Exercise directions:
Copy every line below where the string "leans" is found.

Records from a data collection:

[Start of Attachment]

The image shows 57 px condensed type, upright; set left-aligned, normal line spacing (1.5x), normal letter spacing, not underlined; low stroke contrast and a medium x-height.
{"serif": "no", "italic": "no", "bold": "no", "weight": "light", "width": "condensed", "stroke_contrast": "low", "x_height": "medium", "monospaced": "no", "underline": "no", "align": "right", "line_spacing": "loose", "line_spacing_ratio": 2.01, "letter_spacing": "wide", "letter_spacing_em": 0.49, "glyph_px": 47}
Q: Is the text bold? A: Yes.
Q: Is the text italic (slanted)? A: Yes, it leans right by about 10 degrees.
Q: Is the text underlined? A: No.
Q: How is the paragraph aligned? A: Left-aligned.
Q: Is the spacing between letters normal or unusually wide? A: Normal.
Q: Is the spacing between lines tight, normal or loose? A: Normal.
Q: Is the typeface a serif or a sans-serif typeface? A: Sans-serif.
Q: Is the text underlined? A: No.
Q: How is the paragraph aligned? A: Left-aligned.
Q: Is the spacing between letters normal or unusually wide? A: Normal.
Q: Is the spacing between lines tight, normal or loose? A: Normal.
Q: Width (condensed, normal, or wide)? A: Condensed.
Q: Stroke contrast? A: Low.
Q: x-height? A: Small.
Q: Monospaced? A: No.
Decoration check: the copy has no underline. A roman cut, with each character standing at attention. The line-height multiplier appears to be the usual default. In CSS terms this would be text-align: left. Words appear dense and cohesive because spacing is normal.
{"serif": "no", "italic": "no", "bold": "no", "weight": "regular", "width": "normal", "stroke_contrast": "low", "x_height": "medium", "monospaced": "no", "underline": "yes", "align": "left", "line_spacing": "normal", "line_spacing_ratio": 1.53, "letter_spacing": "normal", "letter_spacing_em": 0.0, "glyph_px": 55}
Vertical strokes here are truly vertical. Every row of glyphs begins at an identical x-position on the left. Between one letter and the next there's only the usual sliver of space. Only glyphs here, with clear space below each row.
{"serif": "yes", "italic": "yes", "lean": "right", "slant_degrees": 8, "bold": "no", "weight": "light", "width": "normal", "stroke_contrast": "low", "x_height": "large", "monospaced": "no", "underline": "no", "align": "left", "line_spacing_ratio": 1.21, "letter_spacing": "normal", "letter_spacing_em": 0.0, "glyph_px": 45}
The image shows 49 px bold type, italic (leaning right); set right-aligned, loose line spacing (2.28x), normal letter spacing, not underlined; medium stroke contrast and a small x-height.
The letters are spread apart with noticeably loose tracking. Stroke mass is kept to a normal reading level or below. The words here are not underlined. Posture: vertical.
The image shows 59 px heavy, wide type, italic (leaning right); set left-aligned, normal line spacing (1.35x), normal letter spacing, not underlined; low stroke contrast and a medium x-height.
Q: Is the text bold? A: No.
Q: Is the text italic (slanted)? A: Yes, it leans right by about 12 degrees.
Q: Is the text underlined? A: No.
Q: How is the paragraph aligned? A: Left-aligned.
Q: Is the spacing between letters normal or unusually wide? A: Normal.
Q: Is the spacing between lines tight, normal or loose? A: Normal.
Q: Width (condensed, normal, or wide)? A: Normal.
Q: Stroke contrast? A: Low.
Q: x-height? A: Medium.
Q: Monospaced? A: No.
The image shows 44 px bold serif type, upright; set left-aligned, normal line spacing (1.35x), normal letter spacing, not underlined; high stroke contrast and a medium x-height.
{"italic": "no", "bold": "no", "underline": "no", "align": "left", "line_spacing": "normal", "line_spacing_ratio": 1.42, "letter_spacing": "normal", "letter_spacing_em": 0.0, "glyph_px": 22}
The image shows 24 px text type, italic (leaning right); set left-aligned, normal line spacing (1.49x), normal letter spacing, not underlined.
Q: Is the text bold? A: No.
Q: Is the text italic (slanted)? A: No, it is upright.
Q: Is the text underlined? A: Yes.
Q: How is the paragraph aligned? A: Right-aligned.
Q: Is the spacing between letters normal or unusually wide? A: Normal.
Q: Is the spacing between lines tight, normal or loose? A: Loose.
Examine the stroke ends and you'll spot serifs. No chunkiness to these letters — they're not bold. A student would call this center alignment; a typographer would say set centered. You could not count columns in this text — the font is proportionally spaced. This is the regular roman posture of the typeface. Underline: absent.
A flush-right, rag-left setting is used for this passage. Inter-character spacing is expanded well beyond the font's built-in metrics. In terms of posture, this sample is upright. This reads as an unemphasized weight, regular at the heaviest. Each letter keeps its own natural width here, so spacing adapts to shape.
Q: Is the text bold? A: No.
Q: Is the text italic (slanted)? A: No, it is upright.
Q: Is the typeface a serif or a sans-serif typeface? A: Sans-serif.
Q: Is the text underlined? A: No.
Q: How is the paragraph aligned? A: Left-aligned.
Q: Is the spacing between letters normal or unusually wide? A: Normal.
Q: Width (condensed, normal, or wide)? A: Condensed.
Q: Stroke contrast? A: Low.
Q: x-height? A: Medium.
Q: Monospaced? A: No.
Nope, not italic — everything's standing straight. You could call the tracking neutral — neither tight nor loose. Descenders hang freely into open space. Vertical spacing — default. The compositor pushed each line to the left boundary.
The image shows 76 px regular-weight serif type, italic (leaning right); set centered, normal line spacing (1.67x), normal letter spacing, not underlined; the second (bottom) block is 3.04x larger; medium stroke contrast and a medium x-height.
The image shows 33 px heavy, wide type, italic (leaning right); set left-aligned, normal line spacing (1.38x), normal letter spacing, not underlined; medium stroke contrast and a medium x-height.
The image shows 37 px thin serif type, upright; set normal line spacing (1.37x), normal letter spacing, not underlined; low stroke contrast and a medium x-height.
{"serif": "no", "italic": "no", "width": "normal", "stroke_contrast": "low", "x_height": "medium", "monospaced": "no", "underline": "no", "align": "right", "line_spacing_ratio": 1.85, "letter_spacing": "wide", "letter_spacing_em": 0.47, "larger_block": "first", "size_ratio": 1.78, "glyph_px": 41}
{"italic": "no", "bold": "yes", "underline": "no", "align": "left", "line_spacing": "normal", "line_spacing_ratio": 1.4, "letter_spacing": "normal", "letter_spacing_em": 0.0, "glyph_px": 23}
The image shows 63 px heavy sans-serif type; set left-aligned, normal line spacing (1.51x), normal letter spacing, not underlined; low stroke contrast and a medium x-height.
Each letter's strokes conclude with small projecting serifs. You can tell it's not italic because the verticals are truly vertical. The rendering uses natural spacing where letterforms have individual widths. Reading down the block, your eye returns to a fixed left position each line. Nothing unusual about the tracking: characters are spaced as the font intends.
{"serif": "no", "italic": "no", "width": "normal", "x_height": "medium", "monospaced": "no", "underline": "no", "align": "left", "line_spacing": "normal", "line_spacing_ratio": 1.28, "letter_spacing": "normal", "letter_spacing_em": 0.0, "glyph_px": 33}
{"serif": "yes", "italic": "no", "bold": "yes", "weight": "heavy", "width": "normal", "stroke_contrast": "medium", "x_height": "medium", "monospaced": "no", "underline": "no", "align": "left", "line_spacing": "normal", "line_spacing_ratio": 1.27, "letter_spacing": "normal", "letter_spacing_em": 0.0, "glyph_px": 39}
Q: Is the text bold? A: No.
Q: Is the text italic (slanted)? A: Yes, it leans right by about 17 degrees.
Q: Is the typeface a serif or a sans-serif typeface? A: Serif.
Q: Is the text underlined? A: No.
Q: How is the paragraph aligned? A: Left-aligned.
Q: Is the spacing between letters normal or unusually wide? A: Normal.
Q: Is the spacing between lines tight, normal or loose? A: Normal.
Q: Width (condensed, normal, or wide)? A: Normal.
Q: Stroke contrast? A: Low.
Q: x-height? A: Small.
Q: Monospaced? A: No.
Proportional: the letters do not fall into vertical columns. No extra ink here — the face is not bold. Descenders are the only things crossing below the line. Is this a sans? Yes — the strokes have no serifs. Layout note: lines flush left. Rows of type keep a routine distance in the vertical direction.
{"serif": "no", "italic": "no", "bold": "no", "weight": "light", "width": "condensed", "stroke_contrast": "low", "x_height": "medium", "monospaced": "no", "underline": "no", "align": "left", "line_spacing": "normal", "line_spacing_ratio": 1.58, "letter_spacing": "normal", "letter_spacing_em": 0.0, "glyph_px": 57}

[End of Attachment]

Solution to the problem:
Q: Is the text italic (slanted)? A: Yes, it leans right by about 10 degrees.
Q: Is the text italic (slanted)? A: Yes, it leans right by about 12 degrees.
Q: Is the text italic (slanted)? A: Yes, it leans right by about 17 degrees.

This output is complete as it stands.